Мария печально свела свои тонкие брови.
— Война во Вьетнаме — это наша большая беда, — сказала она.
Все в автобусе замолчали.
Замолчал и Николай Николаевич, передернув плечами, как будто от холода. Он сейчас был опять поглощен внезапно нахлынувшим, почти не тускнеющим воспоминанием.
Для десантника-парашютиста, сколько б он ни летал, бой всегда на земле и всегда в незнакомом тебе, самом трудном и самом решающем месте.

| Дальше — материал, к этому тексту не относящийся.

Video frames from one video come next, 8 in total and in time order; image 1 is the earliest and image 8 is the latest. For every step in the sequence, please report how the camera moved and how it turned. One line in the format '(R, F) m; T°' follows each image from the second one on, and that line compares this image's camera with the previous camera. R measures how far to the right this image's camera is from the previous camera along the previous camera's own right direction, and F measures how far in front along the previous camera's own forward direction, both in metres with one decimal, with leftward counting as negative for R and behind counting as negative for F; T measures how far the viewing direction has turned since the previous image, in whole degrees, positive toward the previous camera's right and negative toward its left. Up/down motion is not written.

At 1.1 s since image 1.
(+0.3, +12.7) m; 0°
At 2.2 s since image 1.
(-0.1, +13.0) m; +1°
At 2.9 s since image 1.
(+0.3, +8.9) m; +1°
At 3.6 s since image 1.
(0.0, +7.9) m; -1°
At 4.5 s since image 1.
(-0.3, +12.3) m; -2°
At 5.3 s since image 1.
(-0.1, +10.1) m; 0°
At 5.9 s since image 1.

…Батальоны лежали на большом снежном поле. Тут и там дымились воронки. Раненые, кто мог доползти, царапая пальцами тонкий клеенчатый наст и распахивая по целине глубокие белые борозды, уже отползали в тылы полка, под укрытие догорающих изб Ненашева. Но и там, на проулках, рвались мины. Они крякали по-утиному на лету, чуть присаживаясь на наст, и гулко взрывались, валясь черно-серо-коричневым облаком набок, на ту сторону, куда с шумом ложился и весь торфянистый выброс земли, перемешанной с мерзлыми комьями снега.
Атака не удалась.
Четвертый раз поднимались в рост батальоны и четвертый раз отползали назад, на исходные, теряя бойцов.

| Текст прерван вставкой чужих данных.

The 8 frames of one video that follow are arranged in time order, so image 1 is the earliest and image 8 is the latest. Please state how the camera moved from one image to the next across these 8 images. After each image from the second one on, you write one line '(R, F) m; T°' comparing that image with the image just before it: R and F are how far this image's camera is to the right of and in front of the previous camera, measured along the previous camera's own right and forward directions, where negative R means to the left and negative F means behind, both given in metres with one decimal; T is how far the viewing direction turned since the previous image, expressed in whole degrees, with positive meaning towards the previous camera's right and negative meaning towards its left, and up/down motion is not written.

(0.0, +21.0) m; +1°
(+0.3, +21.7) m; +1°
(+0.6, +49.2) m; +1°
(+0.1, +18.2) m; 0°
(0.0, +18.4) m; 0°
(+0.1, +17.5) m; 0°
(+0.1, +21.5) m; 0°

Сейчас, когда в обороне у немцев что-то дрогнуло и все уже было готово прогнуться и лопнуть под натиском этой последней атаки, и фашисты занервничали, меняя позиции, и уже замолчали у них пулеметы, и первые из бегущих по снежному полю бойцов с винтовками наперевес уже добежали до немецких окопов, вдруг из-за леса, как бы нехотя, крадучись и будто бы не торопясь, подобно большим снежным ящерицам, вертлявым и плоским, медлительно выползли окрашенные в цвет снега тяжелые танки…
— Впере-е-ед! — еще по инерции продолжая свой бег, закричал Ушаков. Но тут же упал, и пули, прошедшие веером над его головой, разодрали со свистом спрессованный злым февральским морозом обжигающий воздух.

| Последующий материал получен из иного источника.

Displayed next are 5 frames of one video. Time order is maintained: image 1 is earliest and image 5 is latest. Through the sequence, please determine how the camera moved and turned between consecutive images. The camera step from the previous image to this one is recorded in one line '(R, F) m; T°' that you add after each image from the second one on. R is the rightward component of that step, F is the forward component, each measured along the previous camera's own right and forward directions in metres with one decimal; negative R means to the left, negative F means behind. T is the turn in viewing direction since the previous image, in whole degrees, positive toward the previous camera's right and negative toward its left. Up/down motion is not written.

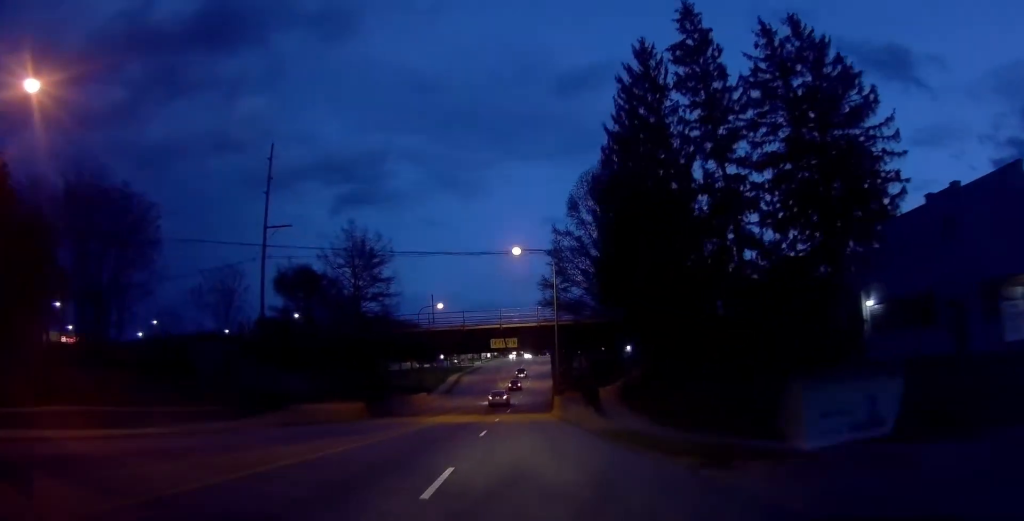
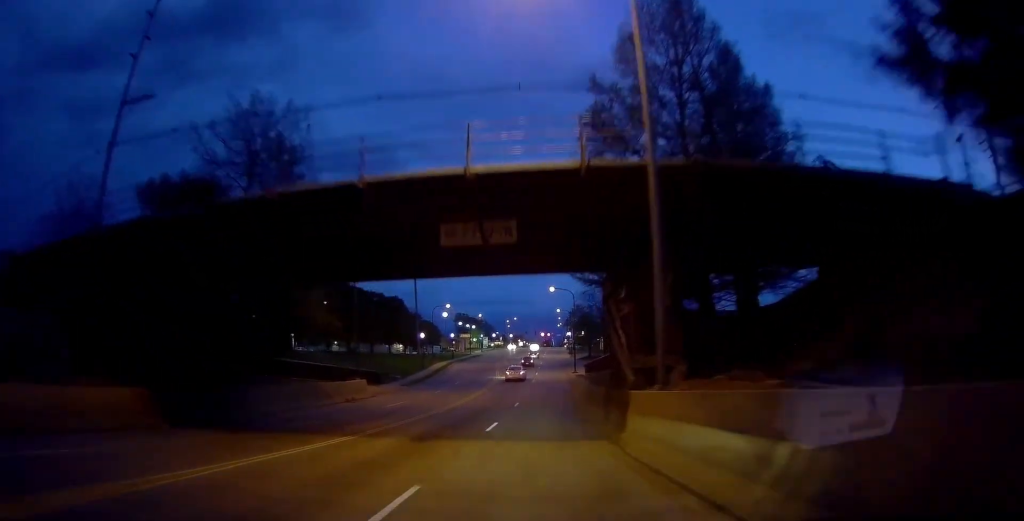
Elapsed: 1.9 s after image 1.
(0.0, +28.1) m; 0°
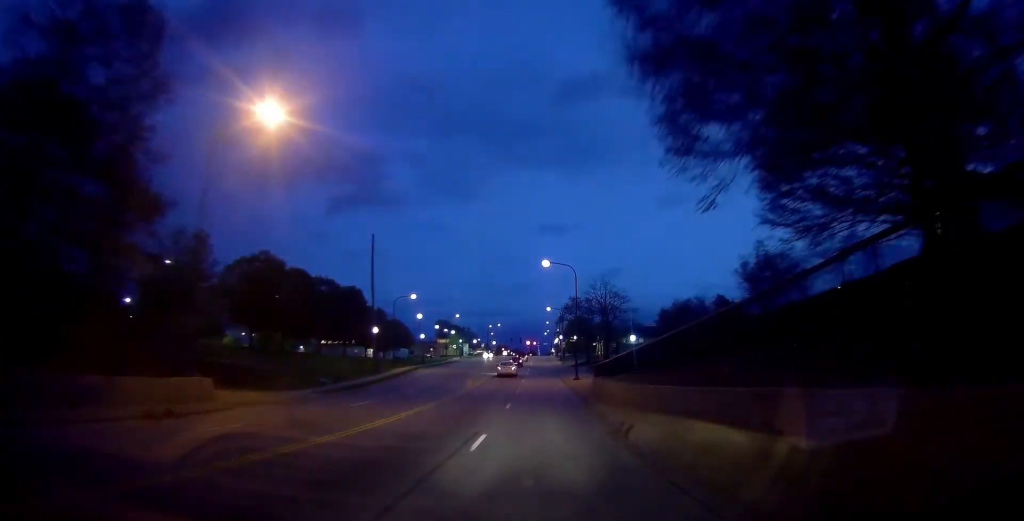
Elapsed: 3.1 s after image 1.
(0.0, +19.4) m; 0°
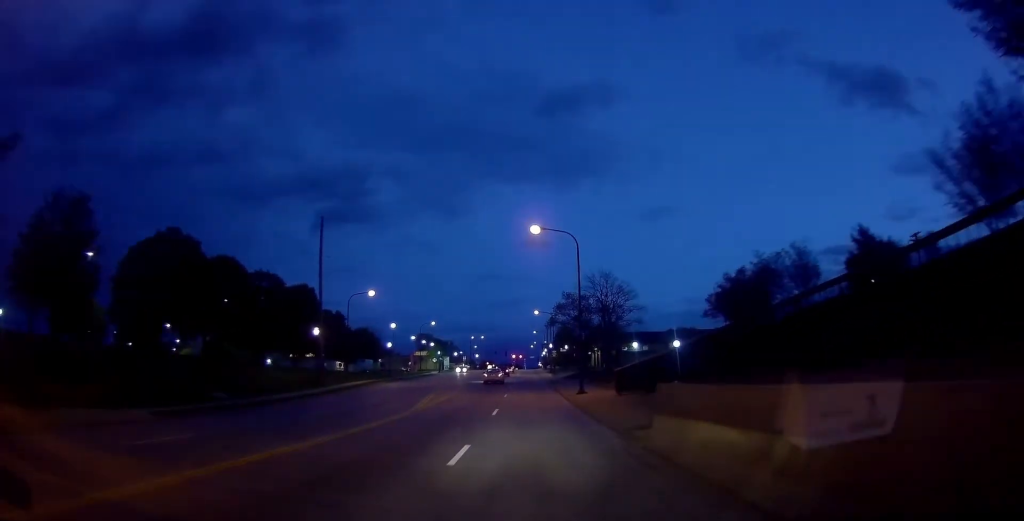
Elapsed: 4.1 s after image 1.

«А-а-а-аааа!» — ныло в его ушах.
«А-а-а-аааа!» — еще откликались в цепях. Но это был бег и крики уже умирающих и падающих на бегу.
Он лежал, глядя в небо, слепое и жесткое, надвигающееся от горизонта холодной темнеющей синевой, и слезы, смерзаясь, слепляли ресницы, царапались в задохнувшемся горле. От воронки, распяленной рядом, тянуло тошнотной тротиловой вонью.
«Все. Конец… — думал он. — А я еще жив… Зачем? Для чего?!»
Жить ему не хотелось. Он видел там, впереди, на снегу, какие-то серые, безжизненные комки — это были тела бойцов из его батальона, всех, с кем шел от Сенно, где был выброшен с парашютным десантом, с кем прошел по Смоленщине, отступая к Москве, а теперь, наступая, шел все дальше и дальше на запад.
Он хотел ощутить в руке тяжесть согретого за день ТТ. Там еще оставались два-три патрона. Сейчас ему было достаточно и одного. И он глянул на руку, еще стиснутую в исступлении боя, с трудом разлепил залитые кровью пальцы; на ладони лежал только черный обломок отливающей синевой рукояти…
Шофер свернул в маленький, пыльный, в ржавой зелени, переулок и резко затормозил у ворот двухэтажного деревянного дома, у подъезда которого их уже ждали какие-то старые женщины в кимоно и мужчины в темных костюмах, фотографы, репортеры.